This was definitely a difficult challenge for me. I am not used to being in front of the lens and not particularly enthusiastic about “selfies”. The word annoys me enough let alone the actual act of taking a self portrait. It was a wake up call though to realize that since November I have only managed to be in two pictures with my son and so this challenge arrived at the perfect time for me.
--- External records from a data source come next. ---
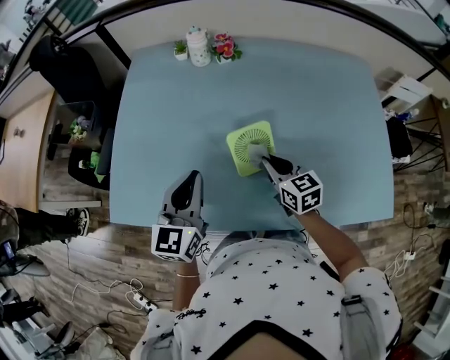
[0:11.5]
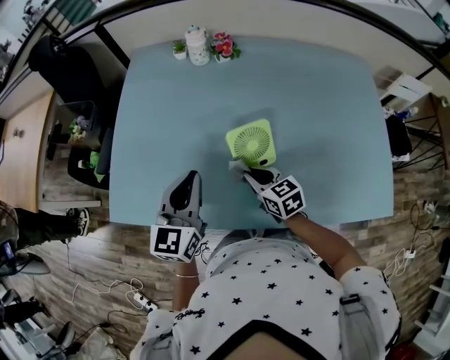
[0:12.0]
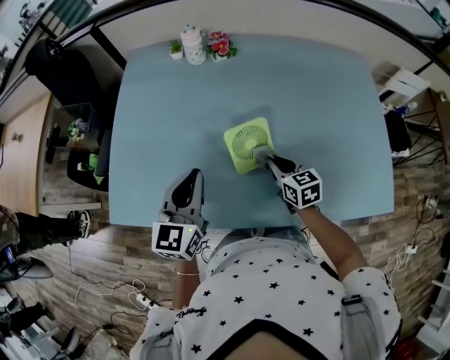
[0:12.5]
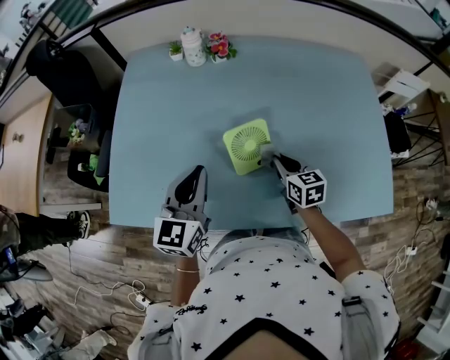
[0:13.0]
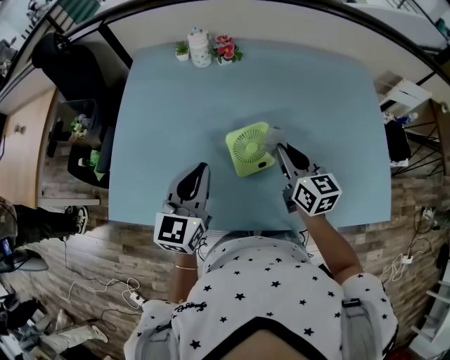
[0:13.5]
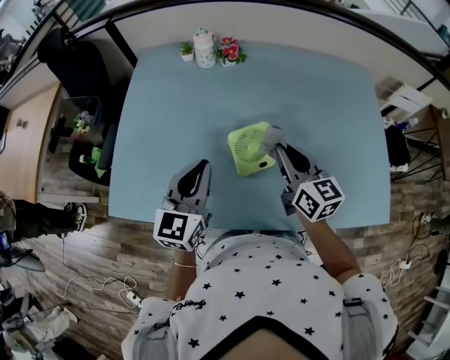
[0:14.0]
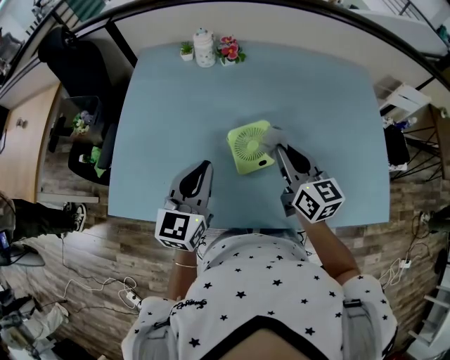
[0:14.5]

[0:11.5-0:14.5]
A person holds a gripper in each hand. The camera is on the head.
0:11.5 to 0:13.0: The right gripper is displaced to the right by approximately 5 cm.
0:13.0 to 0:14.5: The right gripper moves upward, roughly 15 cm, and changes its angle by roughly 20 degrees.

At the beginning of the challenge, I placed thought and time into each snapshot and worried about lighting, posing, backgrounds, etc. As the challenge progressed, I became less focused on all that jazz and just concerned with getting a snapshot in each day. It started to feel like a chore. I didn’t want to quit though so I persevered and continued capturing a glimpse into my life. I no longer cared if it was a snapshot of my leg, my foot, my t-shirt, my face, my hair….it just didn’t matter as long as it was done each day. The less I focused on the details of each picture the more comfortable I actually became in front of the camera. Essentially, I achieved my goal. I became comfortable enough in front of the lens that I was able to capture some sweet moments with babypants that otherwise would have gone undocumented. It was a win-win.
Well, it was almost a win-win because in fact there is at least one noted consequence to all of this picture taking. When all was said and done, I felt like I had an instagram hangover. I have since had to put the camera down for a bit and find some space and breathing room between me and the camera. Like any good hangover though, I am beginning to believe that the hair of the dog is just the right cure and I may need another challenge!!
Are you a selfie addict? Have you done a selfie challenge? Camera shy like me? Spill the beans.